Have you sensed the growing tension in the atmosphere? The increased impatience in queues, the aggressive behaviour of commuters, the impatient honking of drivers, and the abruptness of emails? It seems like the pandemic has triggered a wave of bad behaviour. From unruly passengers on flights to disrespectful notes on parked cars and ill-treatment of waiting staff, the signs are everywhere. Even as restrictions lift, the anticipated joy and camaraderie seem to be replaced by a general sense of irritation. So, what’s causing this widespread annoyance and how can we prevent it from affecting us?
During the pandemic, we quickly adapted to a life of rules and restrictions to curb the spread of the virus. This adaptation, while necessary, may have led to compassion fatigue and a heightened sense of self-preservation due to isolation. A report by the University of Arizona College of Medicine suggests that anger and aggression are common outcomes of thwarted individual goals, according to the frustration-aggression hypothesis. After being unable to live freely for two years, it seems we’re now trying to make up for lost time. This behaviour is often rooted in fear, leading to feelings of helplessness, annoyance over trivial matters, and outward hostility. The revelation of government officials flouting rules and partying has only added fuel to the fire.

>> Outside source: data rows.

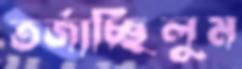
তর্জাচ্ছিলুম
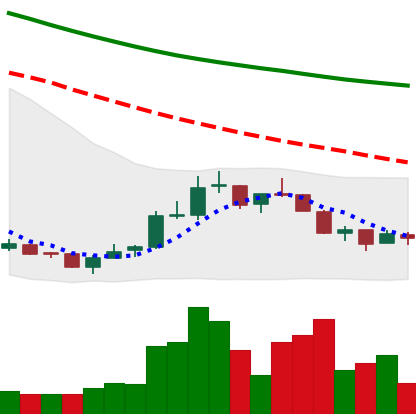
Ticker: NEO-USD
Chart end date: 2018-07-14
Forward return: 10.647%
Label: up_7plus
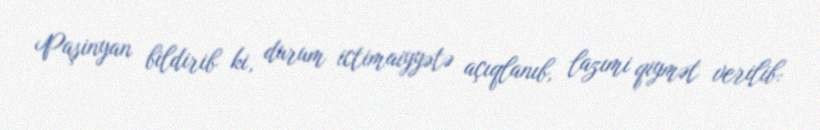
Paşinyan bildirib ki, durum ictimaiyyətə açıqlanıb, lazımi qiymət verilib:
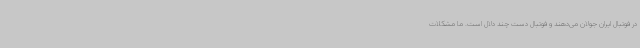
در فوتبال ایران جولان می‌دهند و فوتبال دست چند دلال است. ما مشکلات
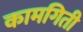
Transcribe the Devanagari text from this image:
कामगिती
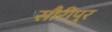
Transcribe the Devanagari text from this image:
सौरीपुर
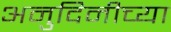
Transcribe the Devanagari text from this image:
अनुदिनीच्या
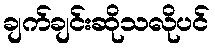
ချက်ချင်းဆိုသလိုပင်
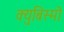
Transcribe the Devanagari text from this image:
क्युबिस्मो
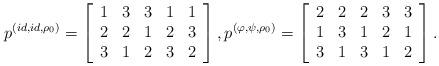
LaTeX: \begin{align*}p^{(id,id,\rho_0)}=\left[\begin{array}{ccccccc}1 & 3 & 3 & 1 &1\\2 & 2 & 1 & 2 &3\\3 & 1 & 2 & 3 & 2 \\ \end{array}\right],p^{(\varphi,\psi,\rho_0)}=\left[\begin{array}{ccccccc}2 & 2 & 2 & 3 &3\\1 & 3 & 1 & 2 &1\\3 & 1 & 3 & 1 & 2 \\ \end{array}\right].\end{align*}
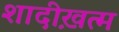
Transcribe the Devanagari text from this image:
शादीख़त्म
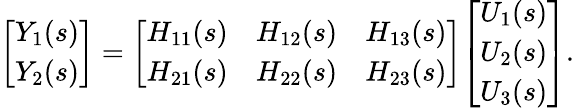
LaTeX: {\left[\begin{array}{l}{Y_{1}(s)}\\ {Y_{2}(s)}\end{array}\right]}={\left[\begin{array}{lll}{H_{11}(s)}&{H_{12}(s)}&{H_{13}(s)}\\ {H_{21}(s)}&{H_{22}(s)}&{H_{23}(s)}\end{array}\right]}{\left[\begin{array}{l}{U_{1}(s)}\\ {U_{2}(s)}\\ {U_{3}(s)}\end{array}\right]}.
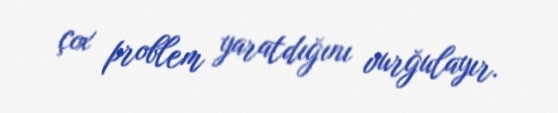
çox problem yaratdığını vurğulayır.
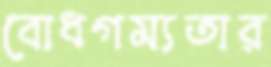
বোধগম্যতার
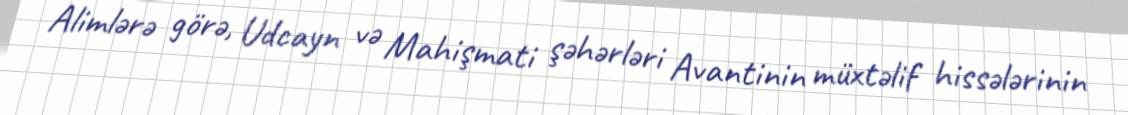
Alimlərə görə, Udcayn və Mahişmati şəhərləri Avantinin müxtəlif hissələrinin
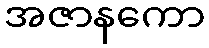
အဇာနကော
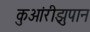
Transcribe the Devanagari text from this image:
कुआंरीझुपान
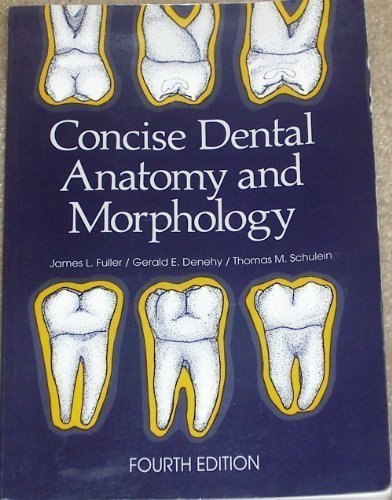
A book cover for Concise Dental Anatomy and Morphology 4th (fourth) edition by Fuller, Jim published by University of Iowa College of Dentistry (2001) [Paperback]; Jim Fuller; Medical Books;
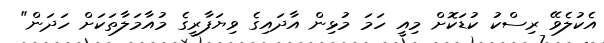
އެކުލެވޭ ރިސްކު ކުޑަކޮށް މިއީ ހަމަ މުޅިން އާދައިގެ ވިޔަފާރީގެ މުއާމަލާތަކަށް ހަދަން"
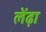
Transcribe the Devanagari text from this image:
लेंढ़ा
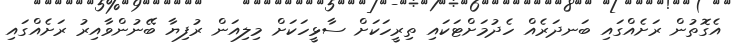
އެގޮތުން ރަށެއްގައި ބަނދަރެއް ހެދުމަށްޓަކައި ތިރީހަކަށް ސާޅީހަކަށް މިލިއަން ރުފިޔާ ބޭނުންވާއިރު ރަށެއްގައި
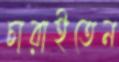
চারাইতেন
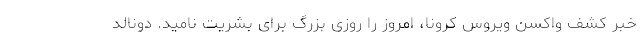
خبر کشف واکسن ویروس کرونا، امروز را روزی بزرگ برای بشریت نامید. دونالد
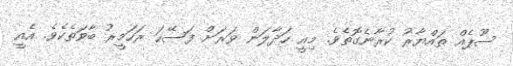
ސޫޕެއް ތައްޔާރު ކުރާނެގޮތެވެ. މިއީ ހަދާލަން ވަރަށް ފަސޭހަ ރަހަމީރު ބާވަތެކެވެ. އެއީ
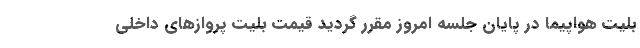
بلیت هواپیما در پایان جلسه امروز مقرر گردید قیمت بلیت پروازهای داخلی
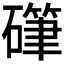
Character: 𰧤
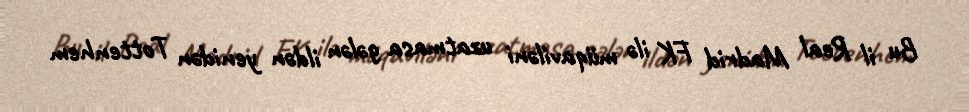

The constant barrage of news, the inability to control ongoing catastrophes, and the blurring of real-life and online interactions have made us more cynical and impatient. Technology has made it easier to push boundaries, whether it’s cancelling meetings at the last minute or sending dismissive replies to well-thought-out emails. While we may feel absolved by informing someone of our inability to attend a meeting just ten minutes prior, it’s likely to leave the other person fuming.
Rudeness, it seems, is as contagious as the virus itself. If someone treats you poorly, you’re more likely to pass on the negativity. Each interaction we have is influenced by the behaviour of the person we interacted with previously, creating a vicious cycle of rudeness, aggression, and entitlement. So, how do we navigate this? The key is to remain calm, positive, and professional. Imagine someone you respect is observing you and act accordingly. If someone takes your parking space, let it go. Reacting negatively only provides temporary relief and can lead to regret or escalation. Responding politely to rudeness can defuse the situation and make the other person realise their behaviour is unjustified. Practise self-control and avoid retaliation. Accepting responsibility for your actions rather than blaming others is the quickest way to resolution. Stand up against bad behaviour, but aim to be a calming influence rather than adding to the drama. Engage in physical exercise, try journaling, or play a video game to release pent-up frustration.